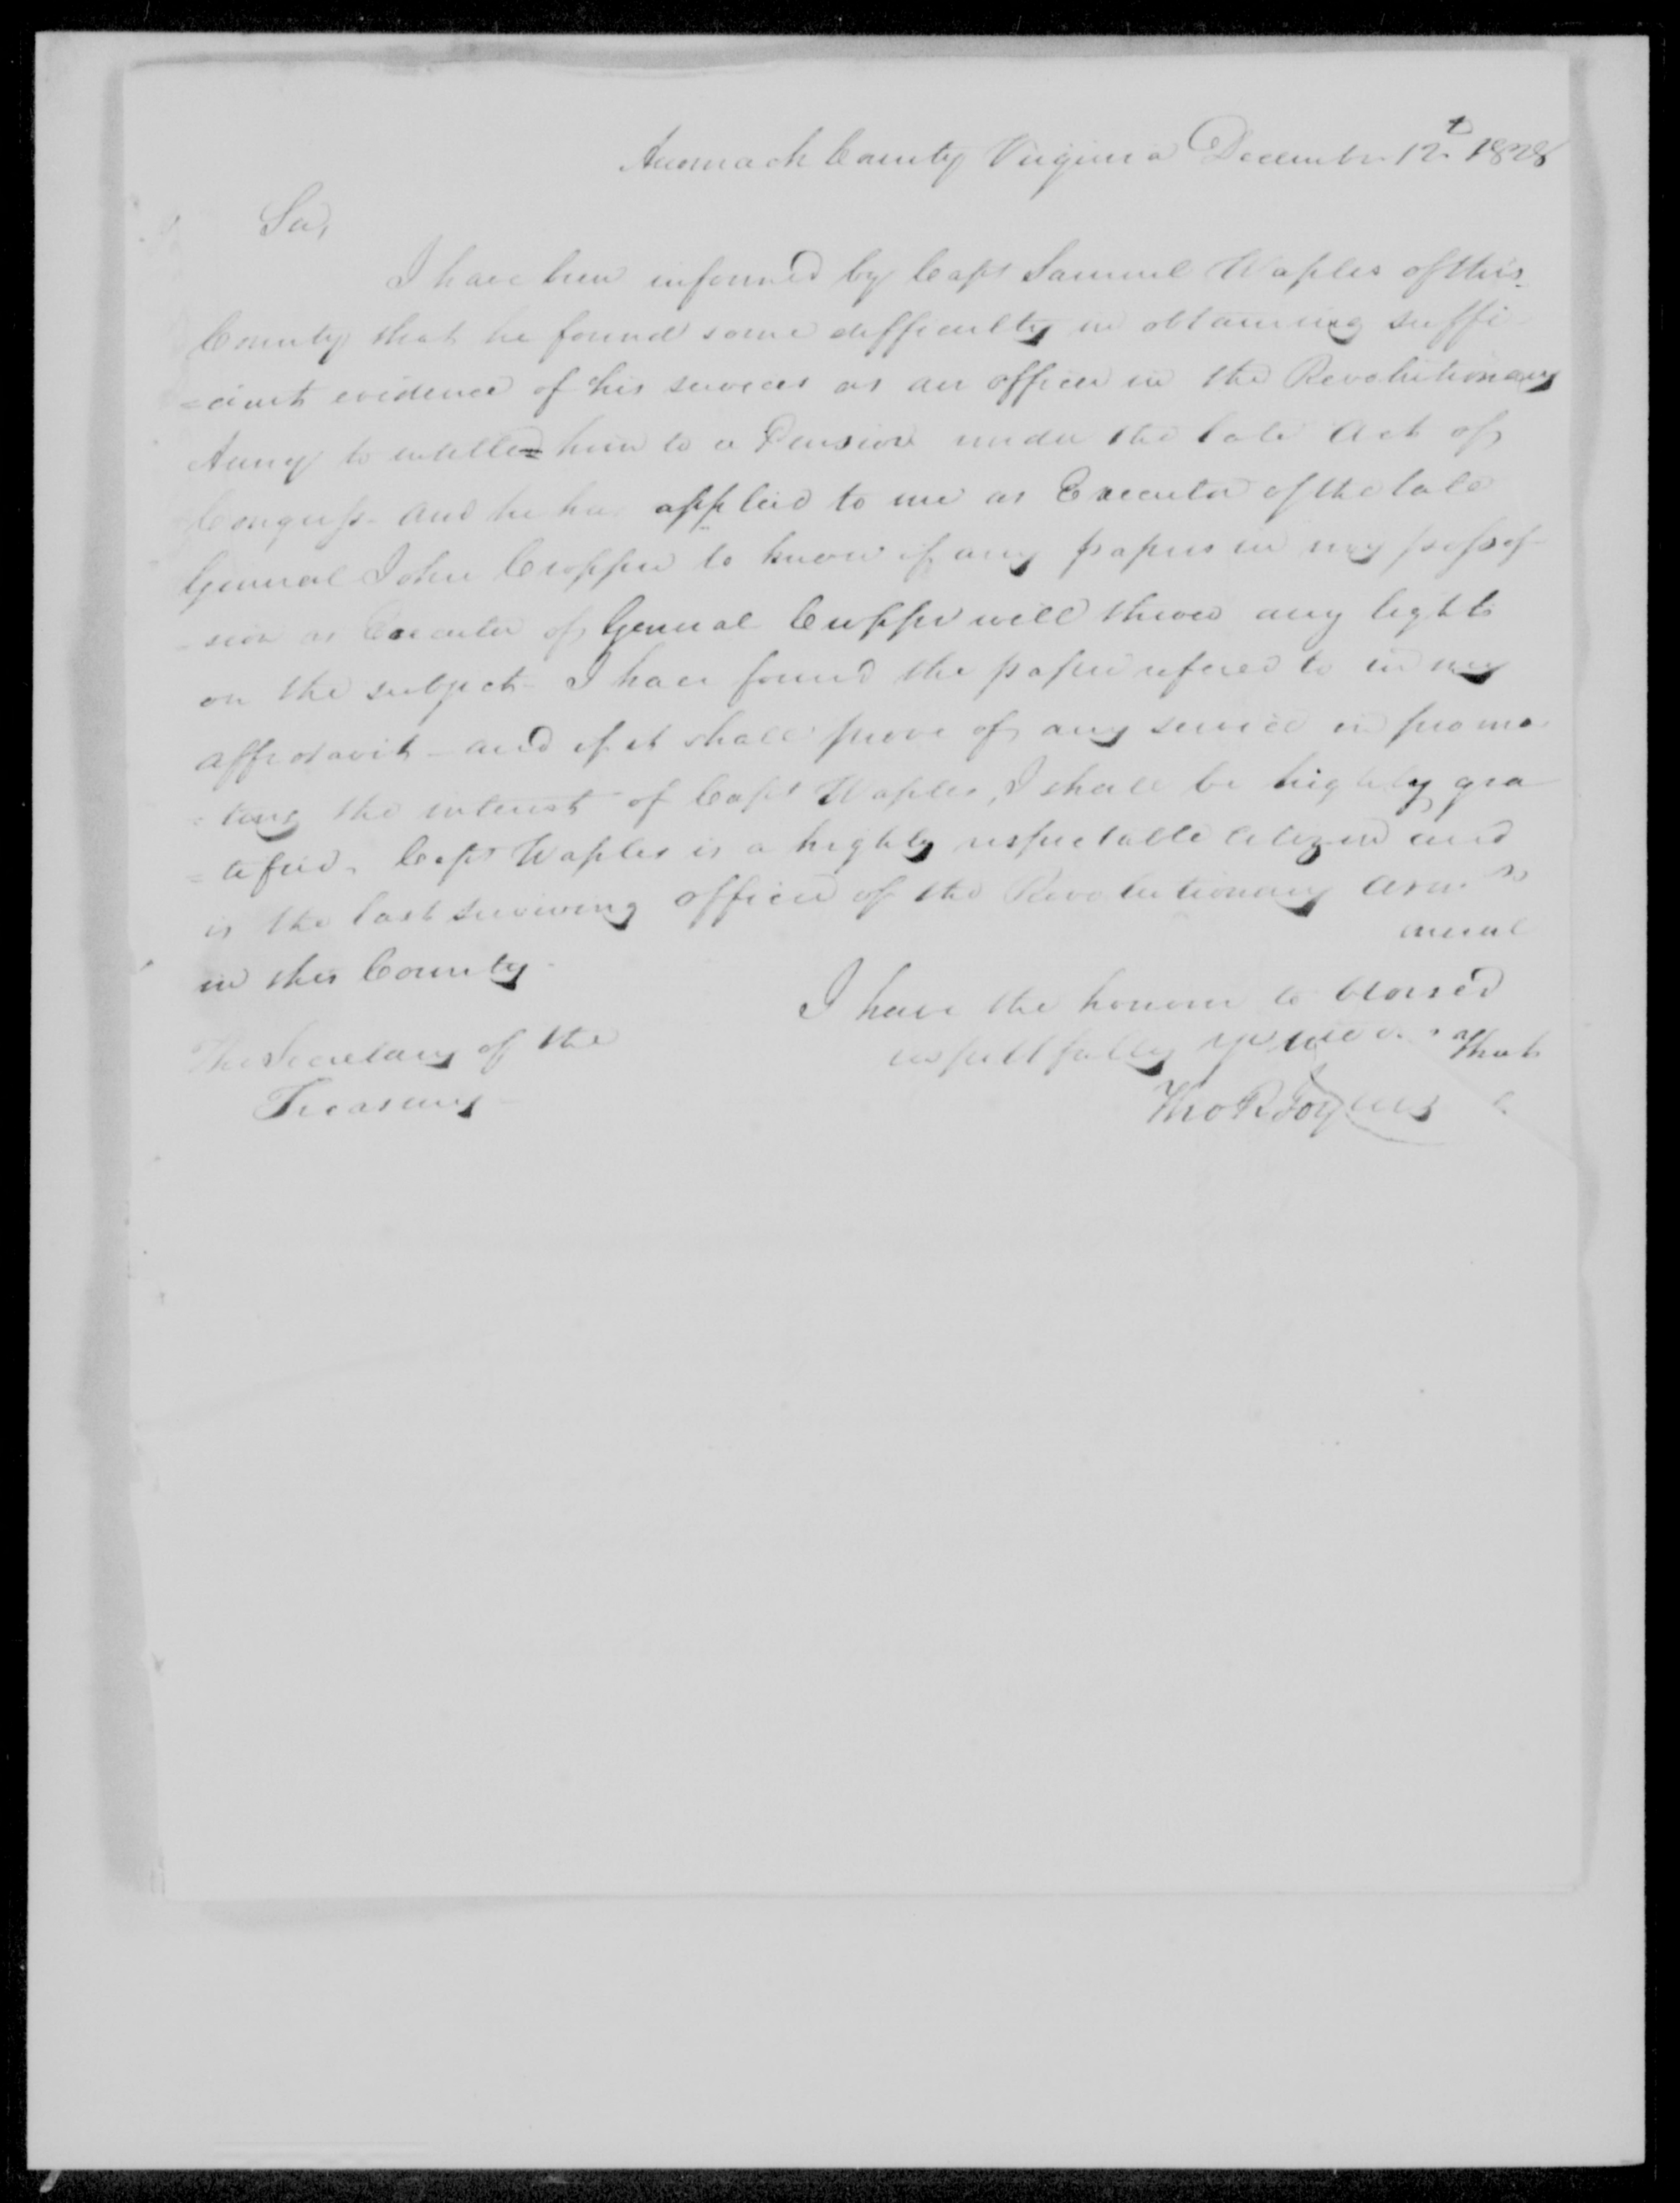Accomack County Virginia December 12th 1828
Sir,
I have been informed by Capt. Samuel Waples of this County that he found some difficulty in obtaining sufficient evidence of the services as an officer in the Revolutionary Army to entitle him to a Pension under the late Act of Congress and he has applied to me as Executor of the late General John Cuppin to know if any papers in my possession as Executor of General Cupper will show any light on the subject. I have found the papers referred to in my affidavit - and if it shall prove of any service in promoting the interests of Capt.  Waples, I shall be highly gratified. Capt. Waples is a highly respectable Citizen and is the last surviving Officer of the Revolutionary Army in the County.
I have the honor to Clorsed
in faithfully yours That
Tho R Joynes

The Secretary of the
Treasury

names: Cropper, Samuel Waples, John Cropper, Waples, Tho R Joynes, Waples
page: 39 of 59
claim: widow's
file: W. 6427, Samuel Waples, Va.
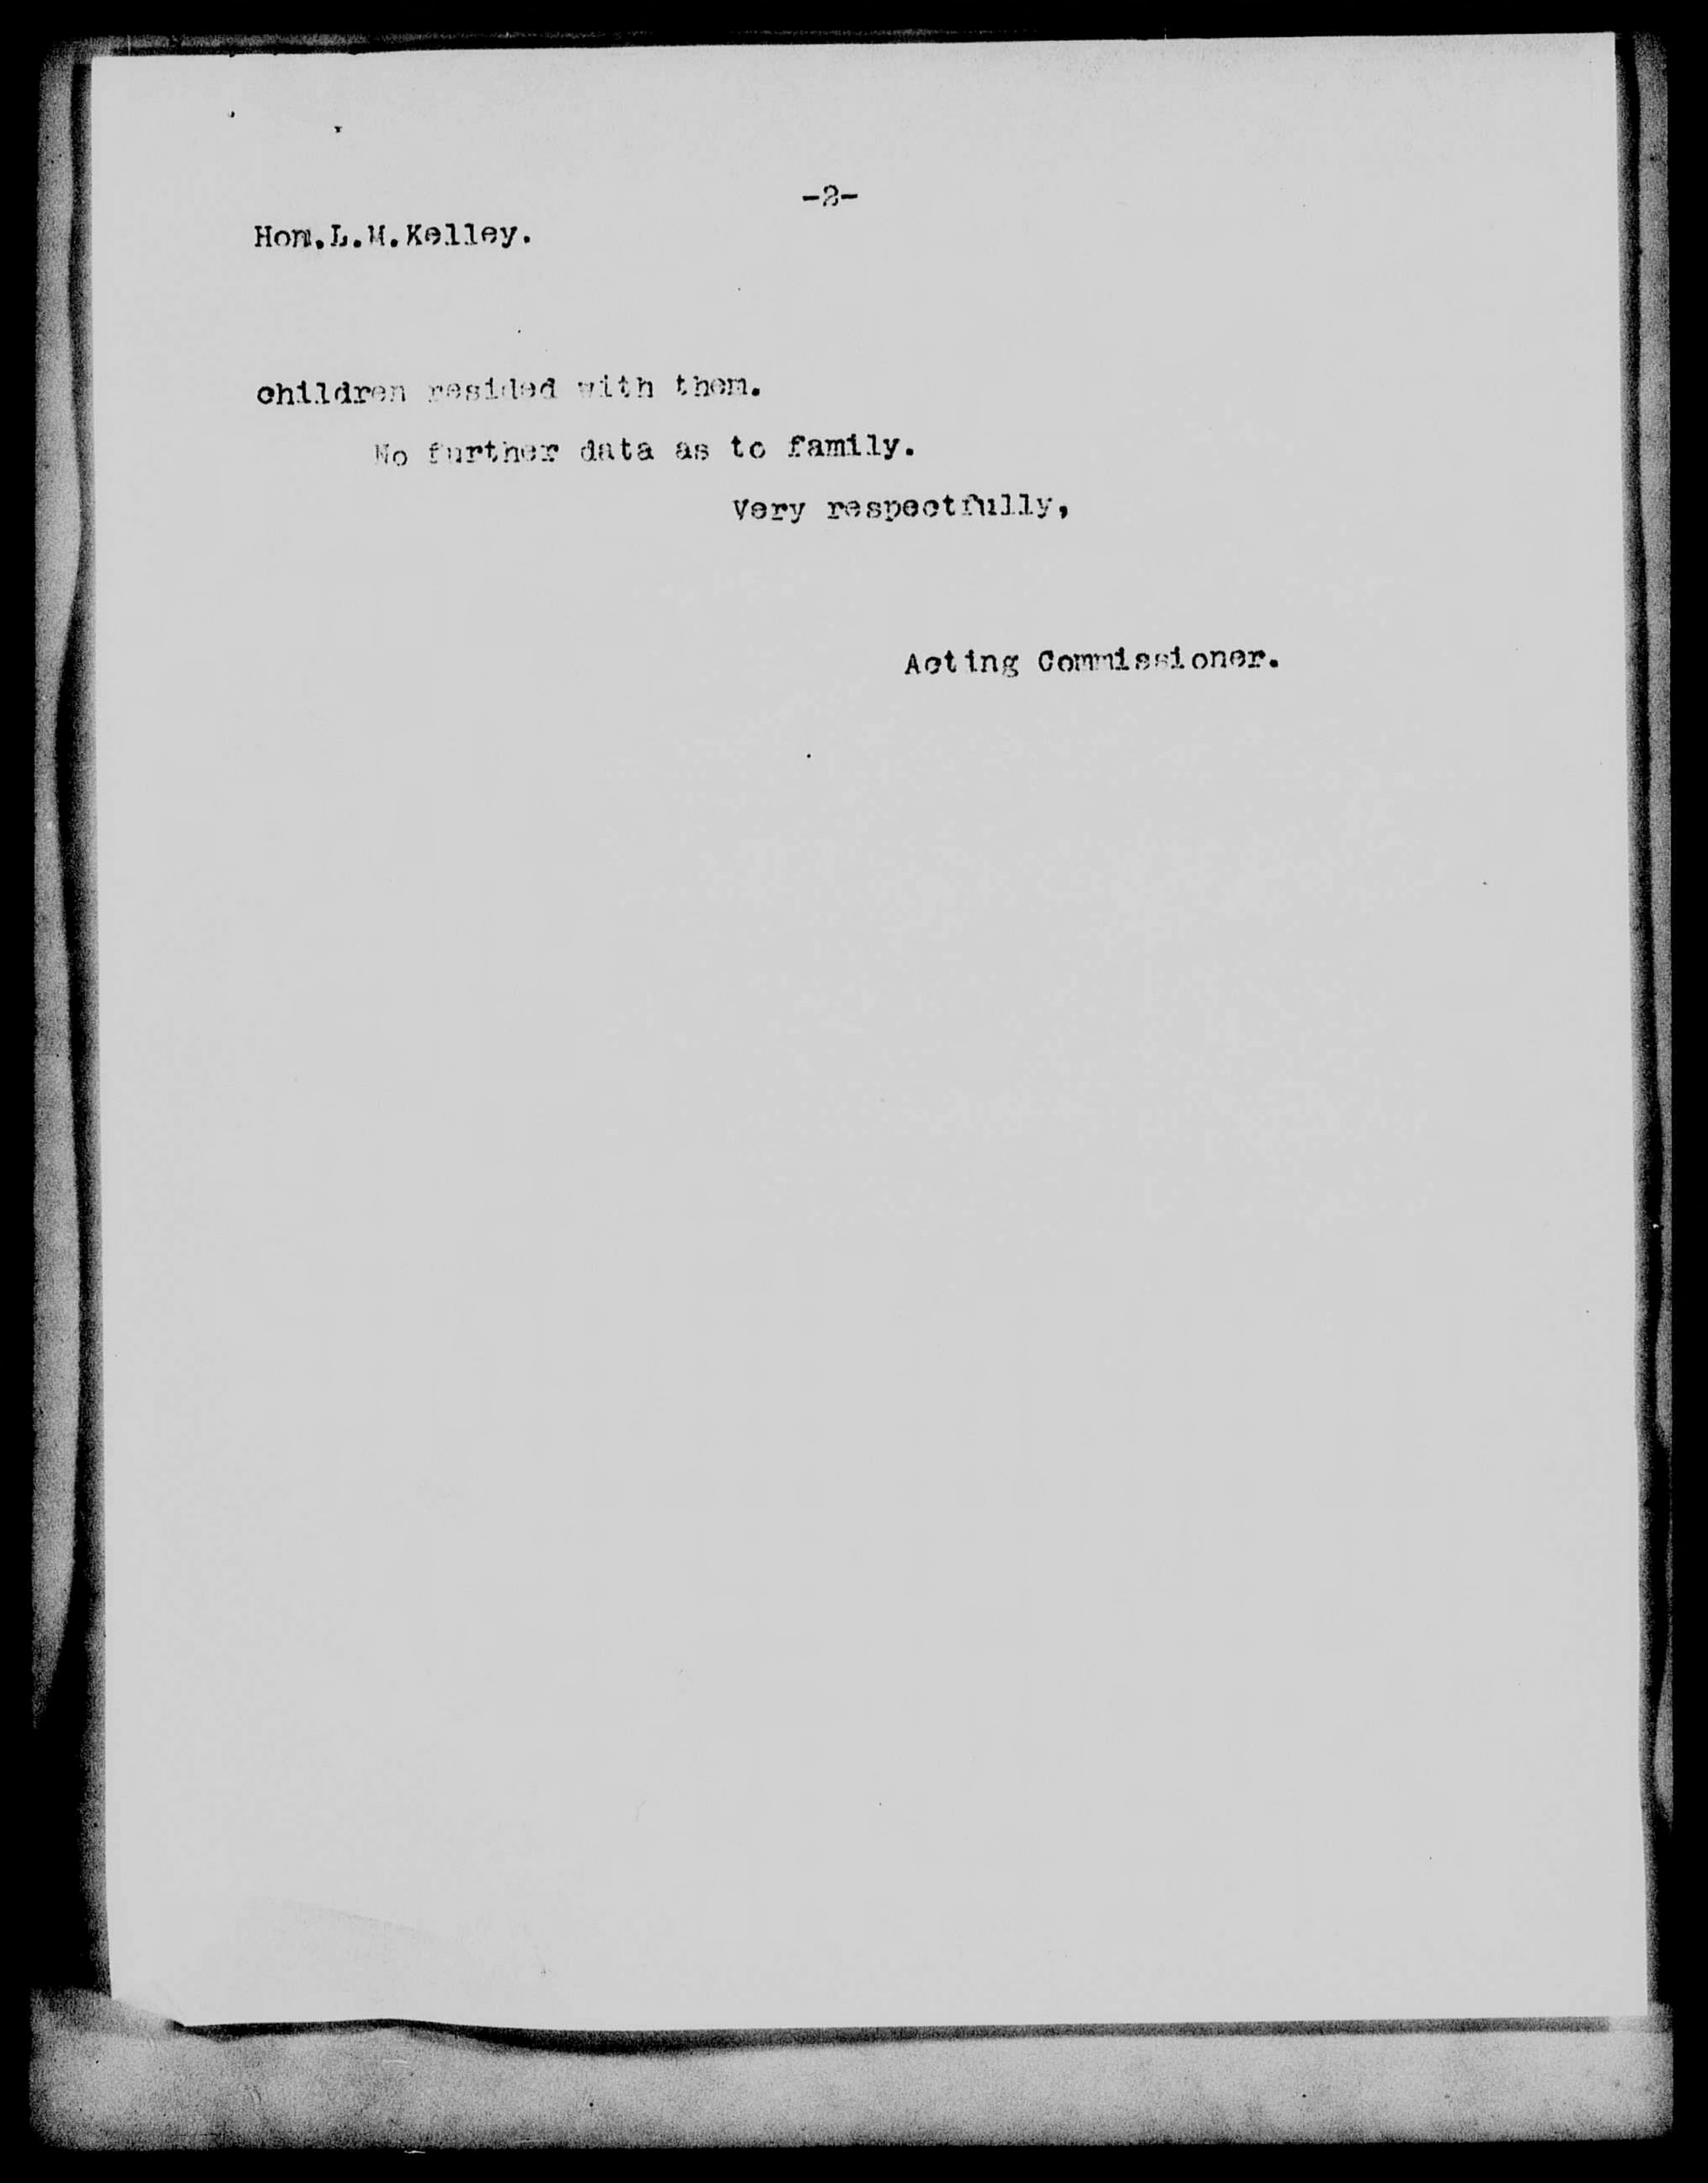-2-

Hon. L. M. Kelley.

children resided with them.

No further data as to family.

Very respectfully,

Acting Commissioner.

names: L M Kelley
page: 11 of 13
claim: survivor's
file: S. 34999, for Frederick Mittag, Maryland
_ _ _ _
What you need to do
Which lines in the records above contain the string "file"? Copy each one.

Task output
file: W. 6427, Samuel Waples, Va.
file: S. 34999, for Frederick Mittag, Maryland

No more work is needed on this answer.